Rand Paul – A Lesson on Plagiarism

Rand Paul - A Lesson On Plagiarism

I believe Senator Rand Paul is in dire need of a lesson on plagiarism. In my short career writing for the Las Vegas Guardian Express, I have eschewed political op-eds, preferring to keep my opinions nested in film reviews, but Rand Paul’s conduct over the last week is not the usual lowering-the-bar-of-political-discourse that is the backbone of right wing machinery. I’m very much a leftist, but my disdain for party politics keeps me on the sidelines.

I have little incentive to assist a Democratic Party that furthers the civil liberties debacles of the Bush Administration. I am not even particularly upset the senator threatened Rachel Maddow to a duel.  Yes, it places Senator Paul dead center in the “war on women narrative” which from a strategic standpoint has been a loser for the Republican Party. I think Maddow can handle herself in the blood and guts arena of political debate and (as they’d say in pro-wrestling) does not need a run-in from yours truly. If we still did live an environment where disputes were settled by duels, I believe she would win decisively. That does not address why I think Rand Paul needs a tutorial.

I have worked as an English Instructor at the community college level for over six years. I have seen a lot of writers come though my classroom, some good, some bad, most just need guidance. Every year, I teach students about plagiarism. I teach them why it is wrong and I teach them about the different forms plagiarism can take. I do not know if Rand Paul is stubborn, I do not know if he is speaking in bad faith. I do not know if this is personally his fault or the error of staff, but,  quite frankly, he is making my job harder by confusing the issue, by treating it as no big deal (but then again, weirdly, challenging critics to a duel).

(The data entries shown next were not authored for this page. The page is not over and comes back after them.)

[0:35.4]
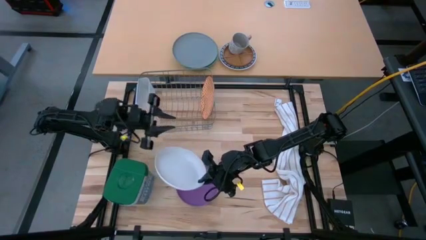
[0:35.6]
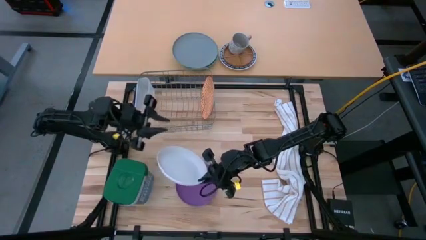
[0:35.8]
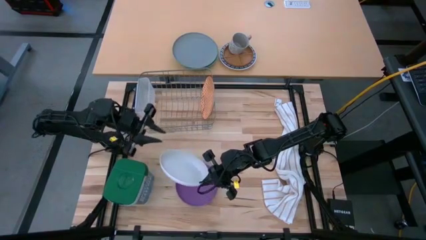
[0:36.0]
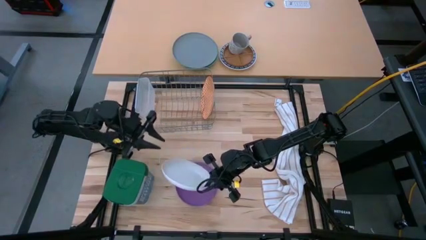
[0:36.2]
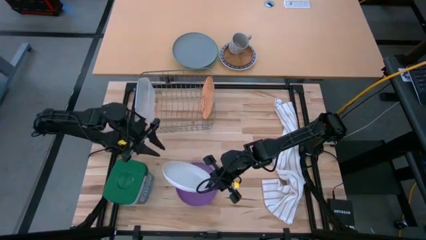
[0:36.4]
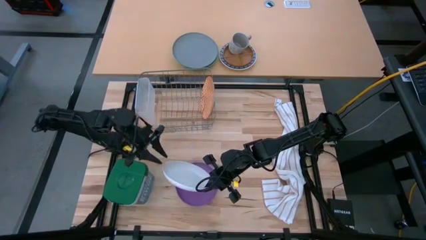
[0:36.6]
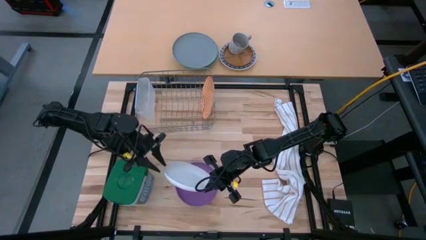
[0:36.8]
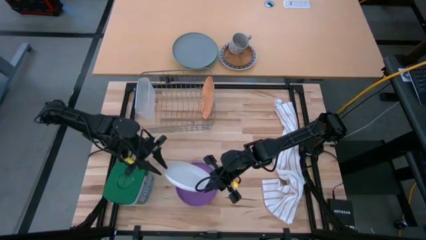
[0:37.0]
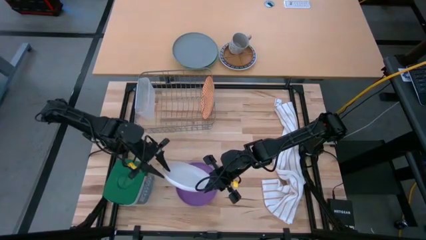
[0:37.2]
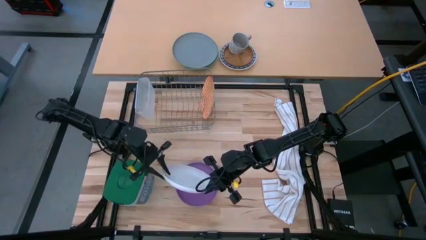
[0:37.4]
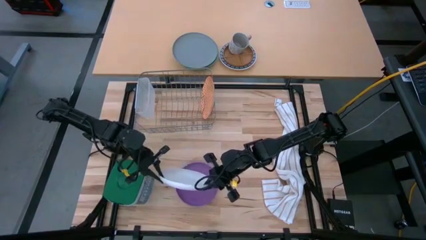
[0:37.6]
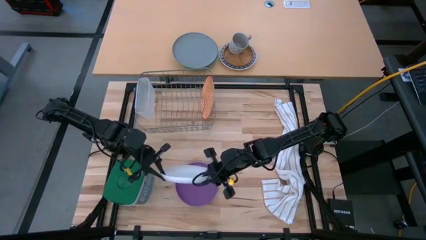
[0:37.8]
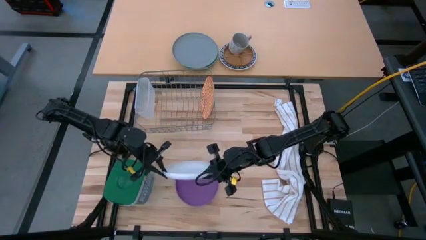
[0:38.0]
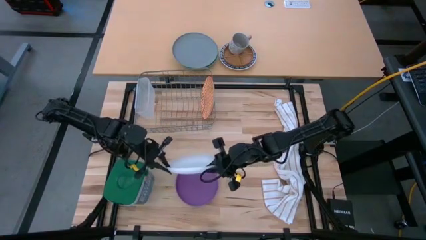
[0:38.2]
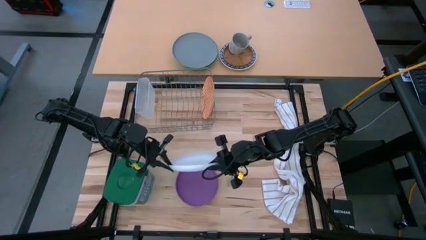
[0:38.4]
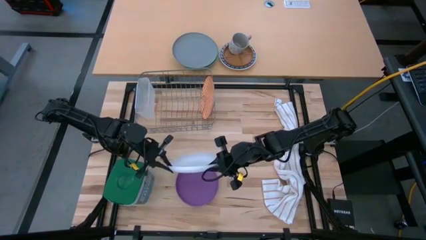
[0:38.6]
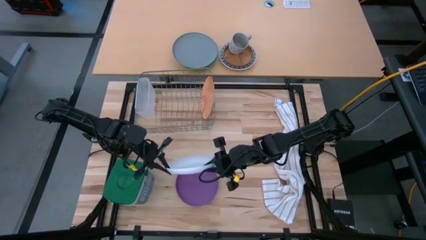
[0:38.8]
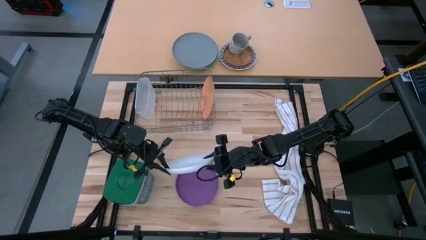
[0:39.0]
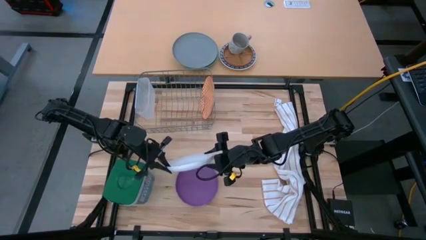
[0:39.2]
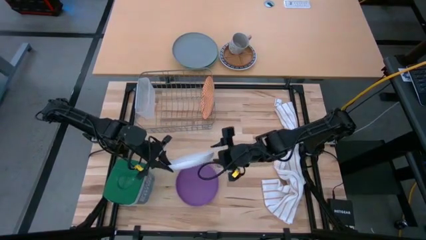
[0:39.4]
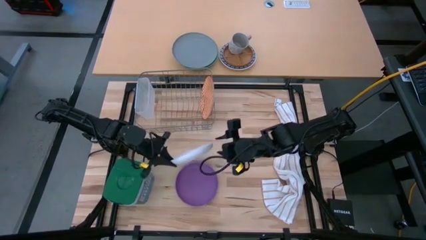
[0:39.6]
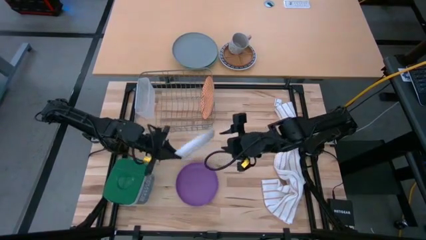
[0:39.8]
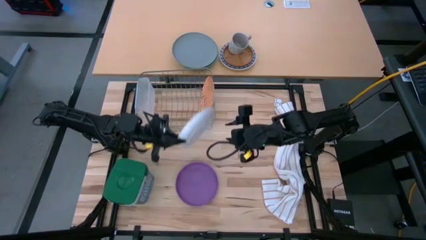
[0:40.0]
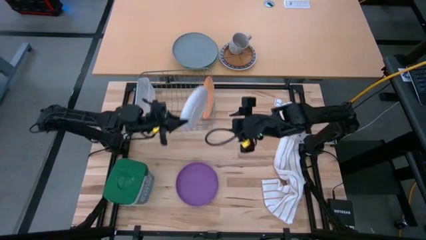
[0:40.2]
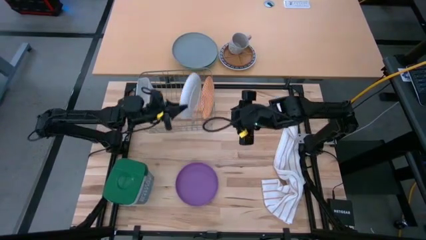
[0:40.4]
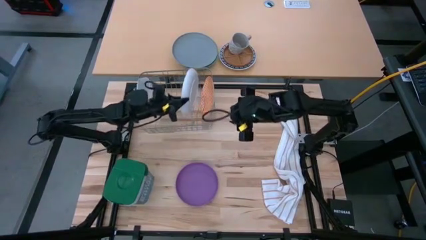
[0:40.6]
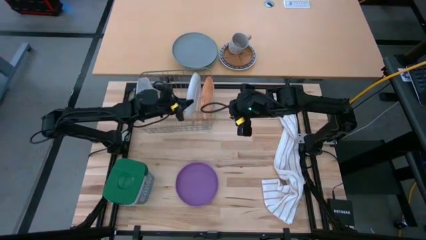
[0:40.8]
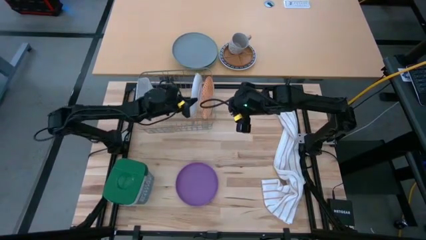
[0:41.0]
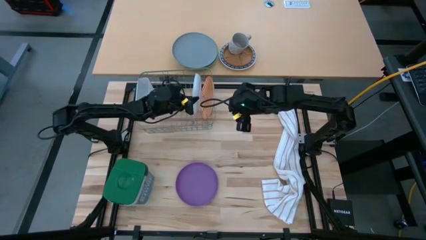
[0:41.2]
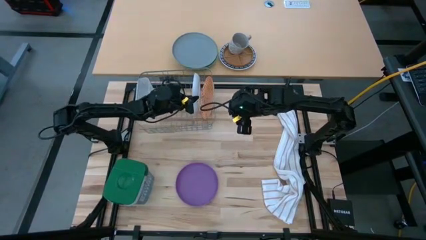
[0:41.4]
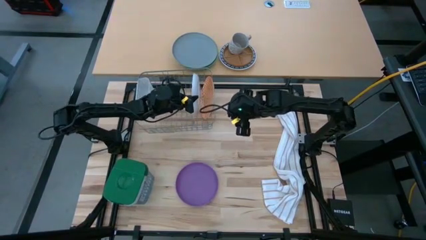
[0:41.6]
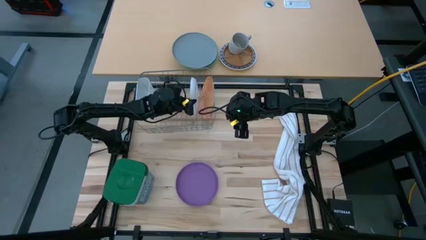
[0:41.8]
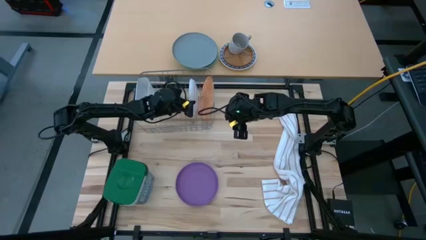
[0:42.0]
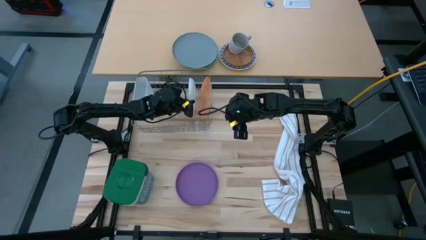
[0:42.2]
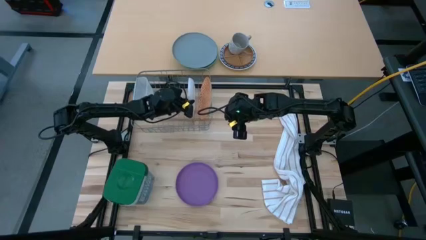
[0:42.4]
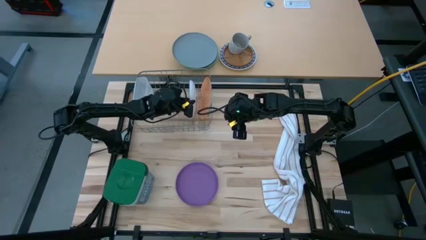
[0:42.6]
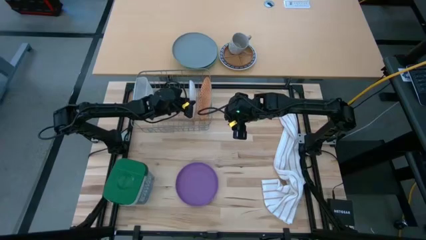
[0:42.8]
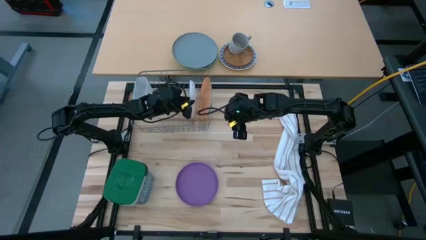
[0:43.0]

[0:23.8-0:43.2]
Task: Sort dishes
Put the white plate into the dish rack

Even though he has a graduate education and even though he is familiar with the proper citation procedures for scientific papers, I am giving him the benefit of the doubt. The rules and conventions for essays and speeches do differ in some regards from scientific works.  The  differences among MLA, APA and AP alone make me weep angry, red tears. Nevertheless, there are constants. Let us take a minute to review two rules relevant to both freshmen and sitting U.S. senators.

Rule one: Wikipedia counts as source.  In most writing classrooms, we do not allow the inclusion of Wikipedia entries as a source. This is not because wiki sources are inherently bad, it is because students use it as a crutch instead of developing their research skills. It is a great starting point for many essays and articles, but it should not represent the foundation of the finished work. That being said, neither he nor his staff are in a writing class, so there is no one to stop them from citing the entry on Gattaca, and for the purposes of a sitting U.S. senator I do not see anything wrong with it in and of itself.  That being said, if you get your information on Gattaca from a Wikipedia entry, then you are citing Wikipedia. This includes plot summary information, no matter what Senator Paul says to the contrary. If you are quoting a line of dialogue from the film, yes, then you can claim to cite the film; otherwise, it is plagiarism.

Rule two: citations make it clear to the audience the words and ideas you are using come from a third party. In a speech, this mean stating the names of sources. Often students who use Wikipedia think they are being sneaky by not acknowledging it as a source, when all they have really done is secure themselves an F for violating academic conduct. Without a proper citation it is automatically plagiarism.

It would be easy to make snarky remarks, accuse Rand Paul of being ashamed of the original source, but I don’t think that’s what is going on here. Andrew Kaczynski reports Rand Paul is in, as we say in professorial circles, deep do-do for plagiarizing several pages from a Heritage Foundation study for his book, Government Bullies. As the Heritage Foundation is an established right wing think tank, one would think he would want to promote them. As a rule, right wingers love to reference the Heritage Foundation, that is the whole point of conservative think tanks, to lend academic credibility to right wing positions.

Will Senator Rand Paul take this lesson on plagiarism to heart? Doubtful. He seems far too unwilling to admit from mistakes much less learn from them, but this doesn’t mean you or anyone else has to repeat them. Always give proper credit and never take short cuts. Plagiarism is abhorrent because it is intellectual theft. In a country that treats hard work as a virtue, Rand Paul has spit in the face of the hard work of others, taking credit for their ideas as his own creation. This is why plagiarism is wrong. This is why I am making a big deal about it in the first place and it sends the wrong message to students: it is okay to plagiarize.